Jacqueline Lipton, “We, the Paparazzi”: Developing a Privacy Paradigm for Digital Video

Jacqueline Lipton, “We, the Paparazzi”: Developing a Privacy Paradigm for Digital Video

Comment by: Patricia Sanchez Abril

PLSC 2009

Published version available here: http://papers.ssrn.com/sol3/papers.cfm?abstract_id=1367314

Workshop draft abstract:

Digital age privacy law focuses mostly on text files containing personal data.  Little attention has been paid to privacy interests in video files that may portray individuals in an unflattering or embarrassing light.  As digital video technology, including inexpensive cellphone cameras, is now becoming widespread in the hands of the public, this focus needs to shift. Once a small percentage of online content, digital video is now appearing online at an exponential rate.  This is largely due to the growth of online social networking services such as YouTube, MySpace, Flickr, and Facebook.

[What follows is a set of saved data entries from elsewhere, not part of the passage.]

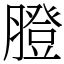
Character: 膯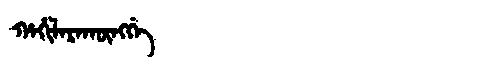
Manchu: ᡥᠠᡥᡳᠯᠠᡵᠠᡴᡡᠩᡤᡝ
Romanization: HAHILARAKŪNGGE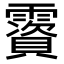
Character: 𩆃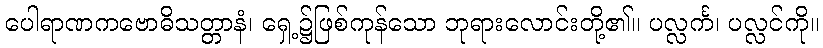
ပေါရာဏကဗောဓိသတ္တာနံ၊ ရှေ့၌ဖြစ်ကုန်သော ဘုရားလောင်းတို့၏။ ပလ္လင်္က၊ ပလ္လင်ကို။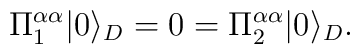
\Pi_1^{\alpha\alpha}|0\rangle_D=0= \Pi_2^{\alpha\alpha} |0\rangle_D.\,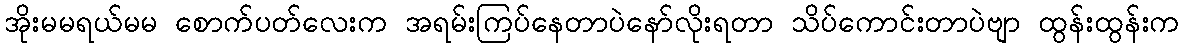
အိုးမမရယ်မမ စောက်ပတ်လေးက အရမ်းကြပ်နေတာပဲနော်လိုးရတာ သိပ်ကောင်းတာပဲဗျာ ထွန်းထွန်းက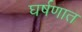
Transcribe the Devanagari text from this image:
घर्षणात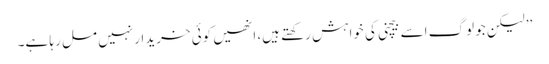
’’لیکن جو لوگ اسے بیچنی کی خواہش رکھتے ہیں، انھیں کوئی خریدار نہیں مل رہا ہے۔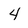
Character: 4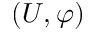
( U , \varphi )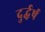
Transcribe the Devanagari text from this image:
दुर्द्धर्ष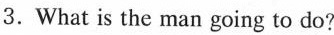
3.What is the man going to do?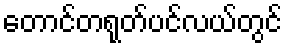
တောင်တရုတ်ပင်လယ်တွင်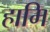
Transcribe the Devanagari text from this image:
हामि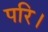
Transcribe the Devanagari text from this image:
परि।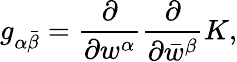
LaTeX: g_{\alpha\bar{\beta}}={\frac{\partial}{\partial w^{\alpha}}}{\frac{\partial}{\partial\bar{w}^{\beta}}}K,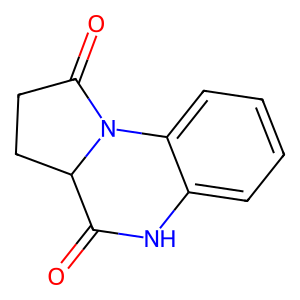
SMILES: O=C1Nc2ccccc2N2C(=O)CCC12
Inhibits HIV replication: No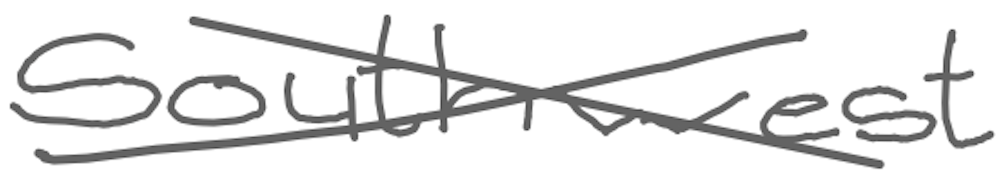
Text: southwest
Cross-out: cross
Writing tool: digital_gray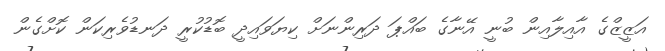
އަޒީޒްގެ އާއިލާއިން ބުނީ އޭނާގެ ބައްޕަ ދަރިންނަށް ކިޔަވައިދީ ބޮޑުކުރީ ދަނޑުވެރިކަން ކޮށްގެން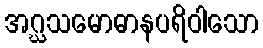
အဂ္ဃသမောဓာနပရိဝါသော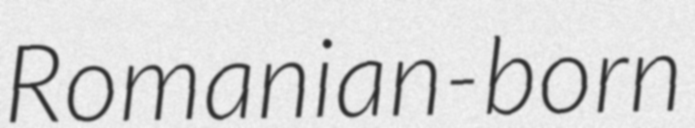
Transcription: Romanian-born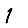
Digit: 1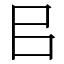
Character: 㠯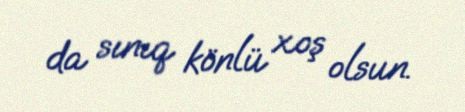
da sınıq könlü xoş olsun.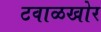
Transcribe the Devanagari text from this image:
टवाळखोर

The sharing of video online has become a global phenomenon.  At the same time, the lack of effective privacy protection for these images has become a global problem.  Digital video poses four distinct problems for privacy arising from:  de-contextualization, dissemination, aggregation, and permanency of online video information.  While video shares some of these attributes with text-based records, this article argues that the unique qualities of video and multi-media files necessitate a place of their own in online privacy discourse.  This article both identifies a rationale for, and critiques potential approaches to, digital video privacy.  It suggests that legal regulation, without more, is unlikely to provide the solutions we need to protect privacy in digital video.  Instead, it advocates a new, more nuanced multi-modal regulatory approach consisting of a matrix of legal rules, social norms, system architecture, market forces, public education, and non-profit institutions.